§ **Exercise instructions**
Copy out every line of the data that has the word "Orleans" somewhere in it.

(Data excerpts)
------------------------------------------------
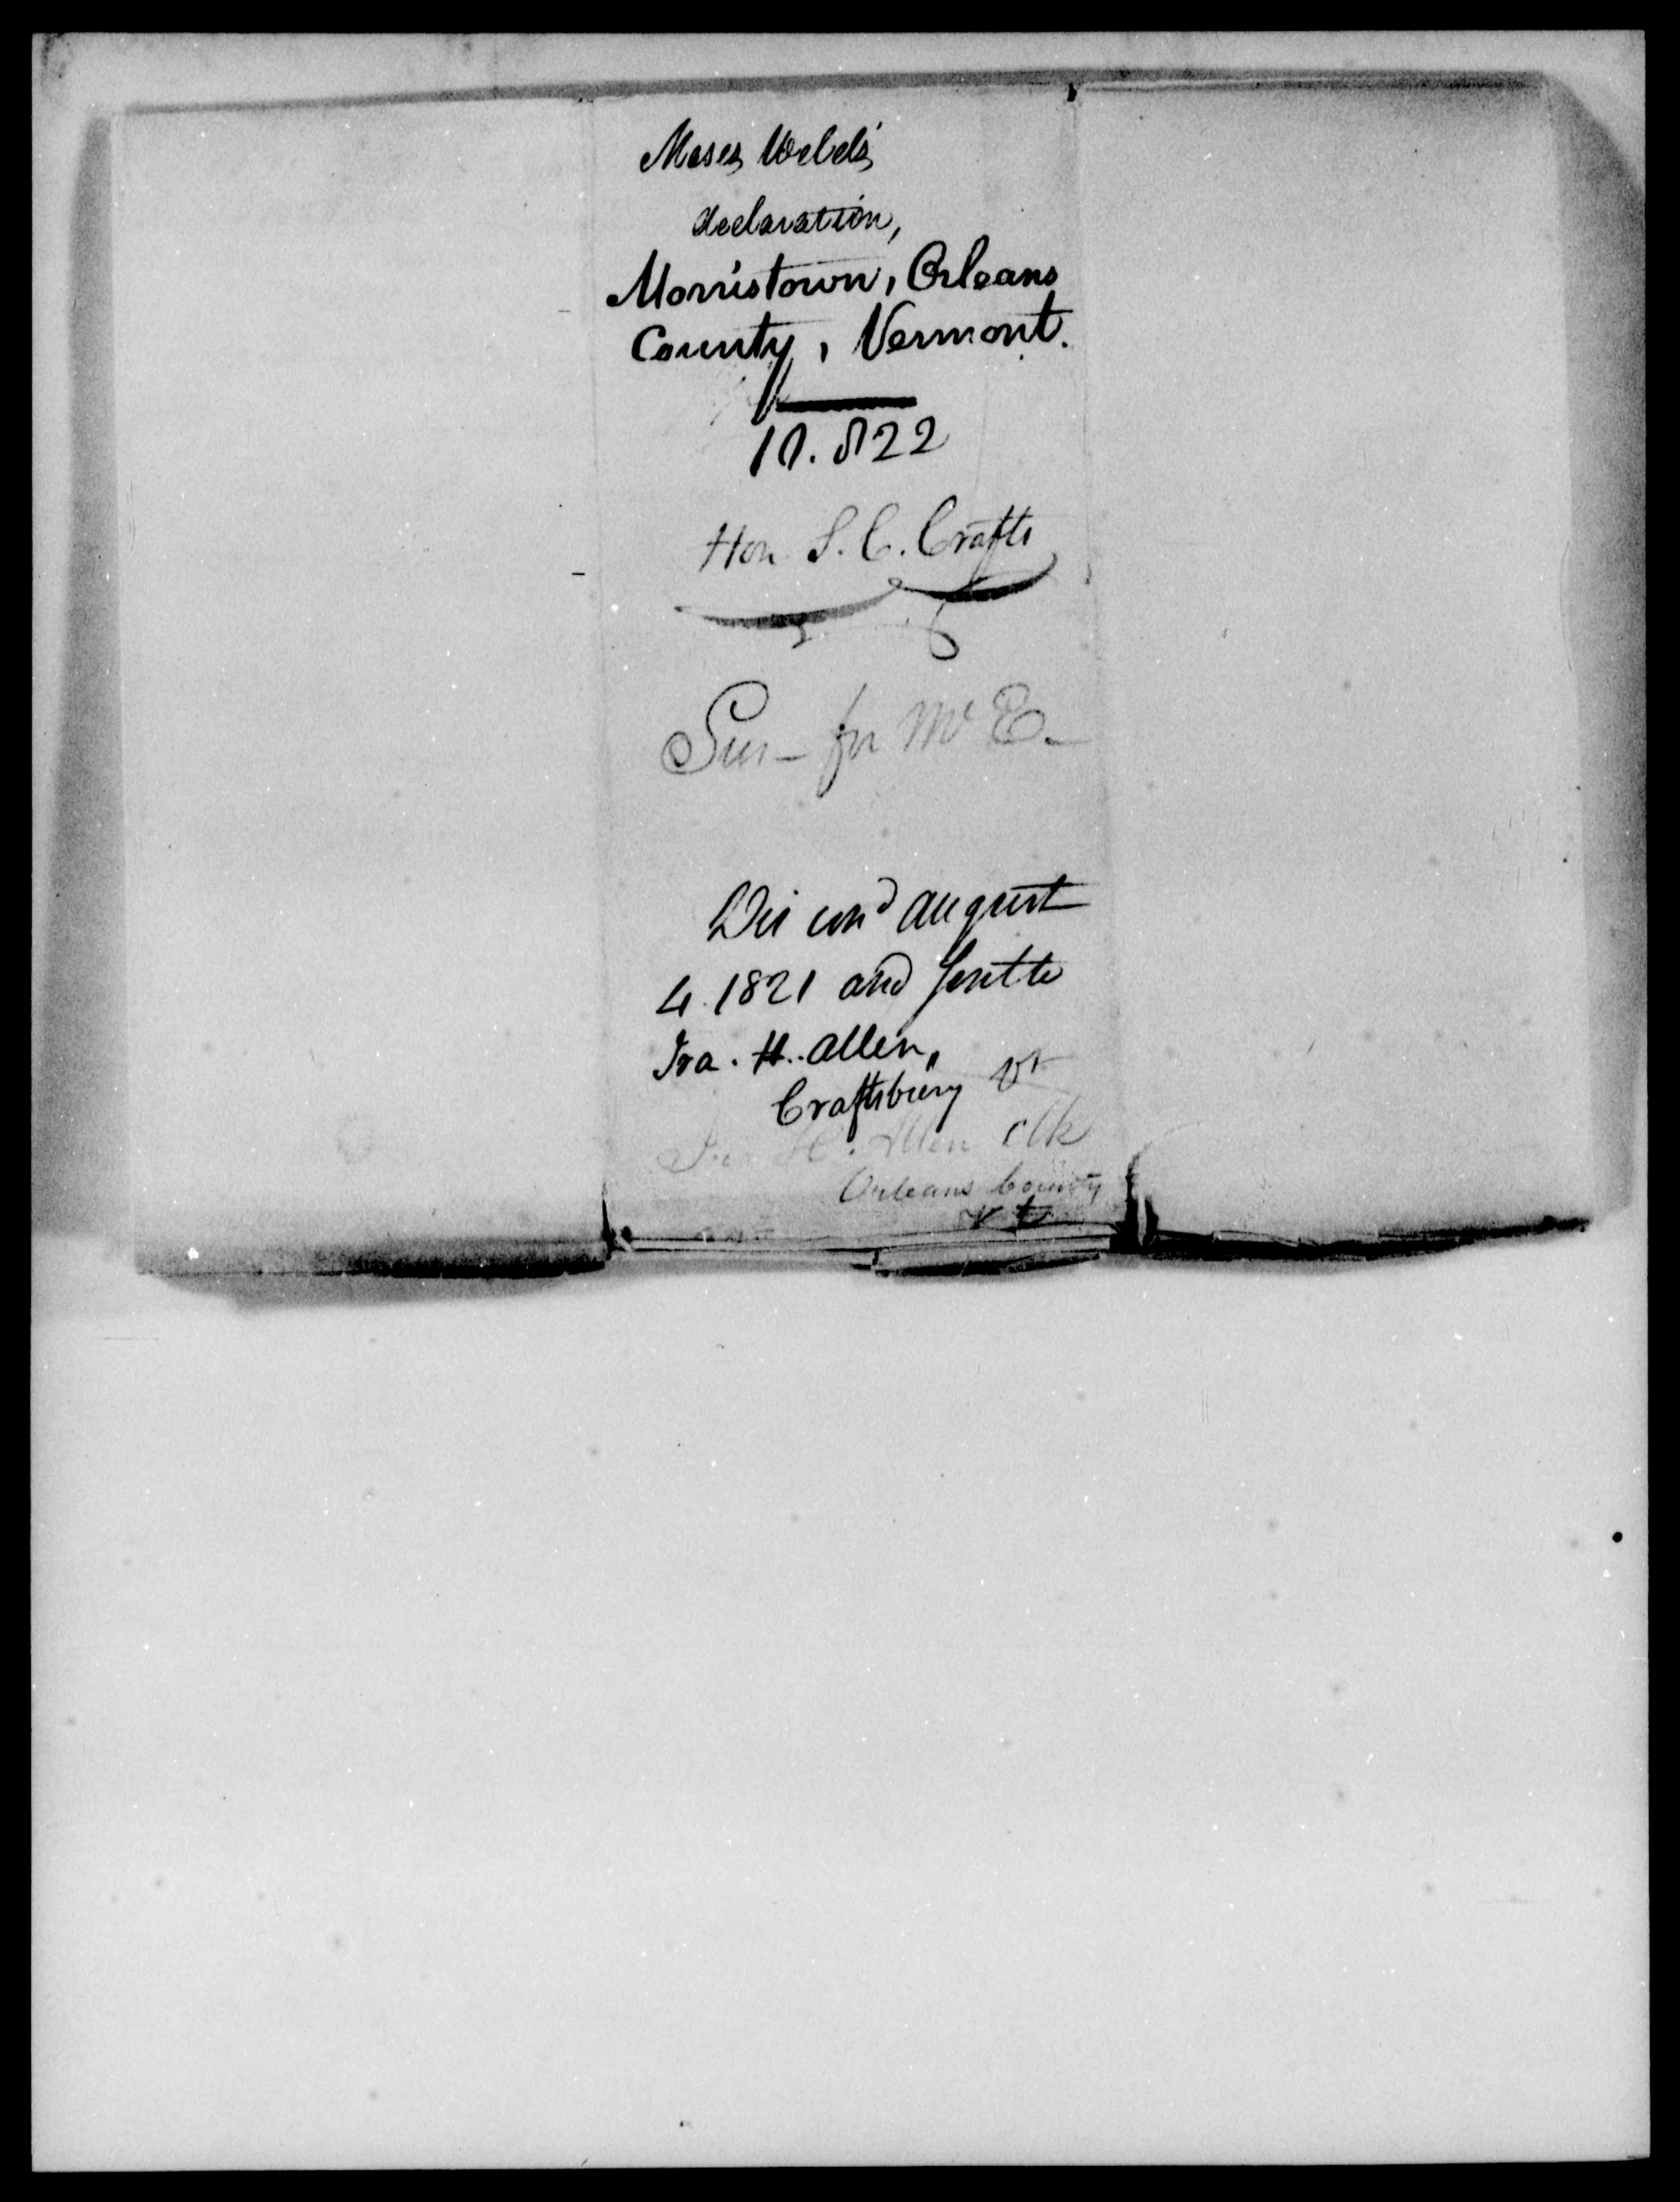Moses Wills
declaration,
Morristown, Orleans
County, Vermont
10.822
Hon S. C. Crafts
Sur_for McE.
Discond August
4. 1821 and sent to
Ira H Allen
Craftsbury, VT
Ira H Allen Clk
Orleans County VT

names: Moses Weld, Ira H Allen, S C Crafts
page: 9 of 87
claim: widow's
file: W. 25,966, Moses Weld, Mass.
------------------------------------------------
§ **Solution**
Morristown, Orleans
Orleans County VT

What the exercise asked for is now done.